VOLVER A LAS CAVERNAS
2019-03-31 Desactivado Por ElNidoDelCuco
POR SERGIO DI BUCCHIANICO
Mi vecino es albañil, tiene una familia normal constituida por su esposa y dos hijos, uno en la escuela secundaria y el otro en la universidad y con trabajo bien remunerado.
Mi vecino es un tipo sencillo de hábitos sobrios y costumbres campechanas como el asado dominguero y la pesca algunos fines de semana con amigos. Degusta del buen vino y el mate amargo. Es solidario para con quien necesita y buen compañero de trabajo.
Mi vecino es de conversación profunda y saberes adquiridos a lo largo de su vida de laburante.
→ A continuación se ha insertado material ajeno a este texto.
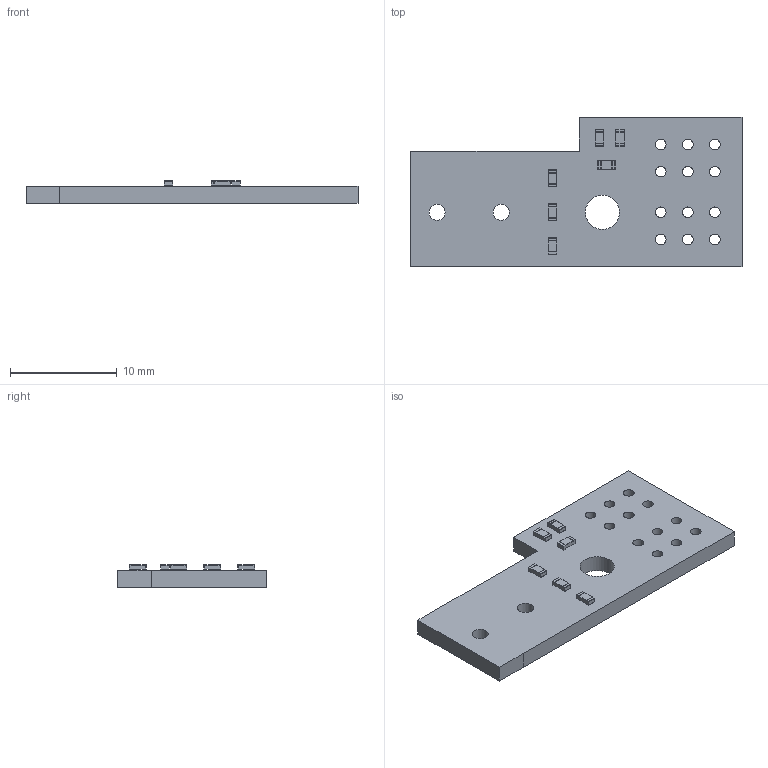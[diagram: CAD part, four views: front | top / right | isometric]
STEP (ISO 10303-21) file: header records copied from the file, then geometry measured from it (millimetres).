
FILE_DESCRIPTION(('KiCad electronic assembly'),'2;1');
FILE_NAME('RiserBoard_Top.step','2020-05-24T20:13:05',('An Author'),( 'A Company'),'Open CASCADE STEP processor 6.9', 'KiCad to STEP converter','Unknown');
FILE_SCHEMA(('AUTOMOTIVE_DESIGN { 1 0 10303 214 1 1 1 1 }'));
Length unit declared in the file: millimetre
Products named in the file (4): Open CASCADE STEP translator 6.9 1; R_0603_1608Metric; SOLID; COMPOUND
Assembly tree (8 placements, depth 3):
  Open CASCADE STEP translator 6.9 1
    R_0603_1608Metric  x6
      SOLID
    COMPOUND
Bounding box: 31.11 x 13.97 x 2.1 mm (x, y, z)
Volume: 584.5 mm3; surface area: 990.6 mm2
Topology: 7 solids, 7 shells, 181 faces, 477 edges, 310 vertices
Faces by surface type: plane 118, cylinder 63
Full cylindrical faces by diameter (mm): 1 x12, 1.5 x2, 3.2 x1
Entity records: 3867 total; most frequent: CARTESIAN_POINT 789, DIRECTION 539, LINE 319, VECTOR 319, ORIENTED_EDGE 274, PCURVE 274, DEFINITIONAL_REPRESENTATION 274, EDGE_CURVE 137

La teoría del respeto a los demás y la ayuda mutua fueron siempre la columna vertebral de su existencia y en muchas ocasiones no le faltó coraje para defender con la voz y con el cuerpo a pares y camaradas, frente a alguna injusticia sufrida.
Mi vecino es un sujeto macanudo, sociable, inteligente y anclado en la construcción cotidiana, no solo de bienes materiales sino también de vínculos humanos para así edificar un buen vivir.
Mi vecino es admirable.
Hace algunas semanas desbordaba de alegría, inflamados gritos, carcajadas, chanzas y chistes relacionados con la modernidad y la antigüedad inundaron la manzana. Aparentaba ser más feliz de lo acostumbrado, parecía como desbordado por un acontecimiento inesperado, que sin dudas llenaba algún hueco de su existencia realmente desconocido por mí. Con el transcurso de las horas supe que mi vecino había sido beneficiado con un regalo de su hijo mayor -el bien remunerado- pues los ascensos sociales permiten entre otras cosas, ofrecer sorprendentes estímulos que sitúan a las personas y sus entornos en un estado de felicidad casi total y algarabía.
Una computadora, más la instalación de wifi y un curso intensivo de capacitación en el manejo de la misma, además del asesoramiento gratuito en el empleo de todos los soportes comunicativos del siglo XXI fueron el obsequio que detonó la explosión de alegría que embargó la integridad de su ser, despertando eufóricos aplausos en quienes residen alrededor de su propiedad.
Los días posteriores al feliz acontecimiento se sucedieron sin mayores sobresaltos en una especie de sopor cargado de desolación.
Pero desde hace ya un tiempo prolongado, noté con asombro que mi vecino recibe comida hecha vía delivery -extraño el humo y el olor a carne asándose los domingos-, también percibí su ausencia en las reuniones vecinales y se extraña su deambular cotidiano por el barrio a la hora de los mandados, es como si se hubiese mudado sin haberlo hecho, o mejor dicho sé que está pero su presencia pareciera virtual.
Ayer me encontré con su hijo mayor -el benefactor- y después de cordiales saludos, me comentó que su padre está muy bien, que no hay manera de despegarlo de la “compu”, que Facebook e Instagram son su especialidad, que está chocho de la vida con amigos en Japón, Mozambique y Canadá y que su habitación era una caverna que lo conectaba mágicamente con el mundo.
Las afirmaciones del hijo de mi vecino despertaron ambiguos y contradictorios razonamientos en mi endeble esquema de ideas que construí a lo largo de los años, pues durante la mayor parte de mi vida prediqué que para salvar al mundo había que volver a las cavernas, donde la magia configuraba el germen de las relaciones con los demás; y ahora creo comprender, a pesar de los temores de la duda y la falta de comprobación empírica, que a lo mejor Bill Gates quería lo mismo: volver a la magia de las cavernas; y que billetes más, billetes menos; modernidad o prehistoria de por medio, quizás el destino tanto de mi vecino como el de la humanidad toda, sea estar condenados incondicionalmente a vivir en el encierro de la propia individualidad, y solo transitar por puentes vinculares construidos en nuestra vida imaginaria, despojados del calor de los cuerpos próximos, el vibrante color de las miradas y el saludable sonido de las palabras impregnadas por el aliento de los otros; atrapados irremediablemente en la oscuridad pétrea de la infinita y mágica caverna de los tiempos.